In the case of SSH key rotation, this validation heartbeat is run immediately after the reset command set using the current username, current password, new private key and new passphrase to connect for validation. If connection is successful, the validation is considered successful and Post Successful Change command set is run next to remove the old public key (if current private/public keys exist on the secret) from authorized_keys). If validation is not successful, the Post Fail Change command set is run to remove the new public key added during the reset.

Post Successful Change Command Set

If the Password Change command set and Verify Password Changed are both successful, the Post Successful Change command set is run. This command set finalizes the key rotation by changing the password on the account and removing the old public key from authorized_keys.

Post Fail Change Command Set

If the Password Change command set is successful but the Verify Password Changed fails, the Post Fail Change command set is run. This command set rolls back the changes made in the Password Change command set by removing the new public key from authorized_keys.

For more information about customizing SSH command sets, see Creating a Custom SSH Password Changer.

Notes

SSH Key Rotation scripts will typically be more complex than password change command sets that do not do key rotation. These scripts will often include tokens representing values from the secret and associated secrets as well as commands to verify success or failure of previous commands using $$CHECKFOR and $$CHECKCONTAINS. For more information about these features see the Editing a Custom Command topic.
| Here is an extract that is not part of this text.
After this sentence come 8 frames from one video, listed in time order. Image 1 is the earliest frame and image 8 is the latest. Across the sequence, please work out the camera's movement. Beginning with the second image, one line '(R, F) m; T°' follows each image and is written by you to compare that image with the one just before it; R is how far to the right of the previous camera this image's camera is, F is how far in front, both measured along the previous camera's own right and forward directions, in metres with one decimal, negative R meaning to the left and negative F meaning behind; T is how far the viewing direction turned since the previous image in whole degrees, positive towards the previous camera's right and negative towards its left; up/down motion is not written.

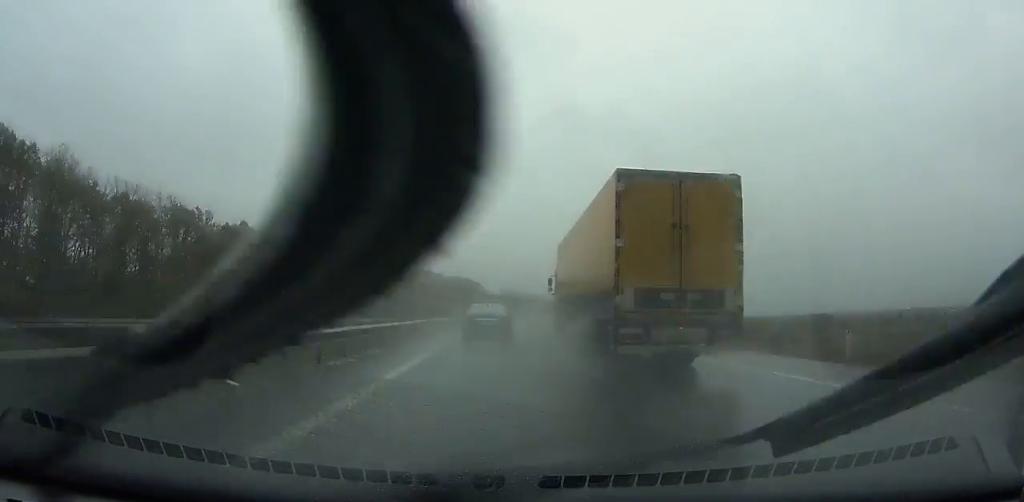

The default command sets for SSH Key Rotation Privileged Account use sudo to execute several commands. These command sets assume that the sudo command will not prompt for a password. If your environment prompts for a password when using sudo the command sets will need to be modified to supply the password. If your environment caches the sudo credentials, the easiest way to handle this is to add the following two lines at the top of each command set on the SSH key rotation Privileged Account password changer:

sudo -i echo

$[1]$PASSWORD

This will pass the credentials from the first associated secret when prompted by sudo and cache the credentials for the rest of the script.

Troubleshooting

  • The SSH Password Changers are targeted to OpenSSH. If using a different SSH library or if the user keys are not in the users /.ssh/authorized_keys file you can check the commands used and modify them as appropriate under Admin > Remote Password Changing and clicking Configure Password Changers. The password changers used are SSH Key Rotation and SSH Key Rotation Privileged Account.

  • Errors are logged to Admin > Remote Password Changing. Additional logs can be found in the Secret Server directory in the log subfolder. For example: C:\inetpub\wwwroot\secretserver\log.

  • A change was made to how SSH script variables are named in order to differentiate them from tokens when testing command sets on the Configure Password Changers page. Non-token script variables should begin with an underscore. Anything in the script beginning with a dollar sign not followed by an underscore will be treated as a token and displayed as a field in the test dialog. For example:

    • $USERNAME – References the username from the Secret.
    • $[1]$USERNAME – References the username from the first linked Secret.
    • $_USERNAME – References a bash variable defined in the script.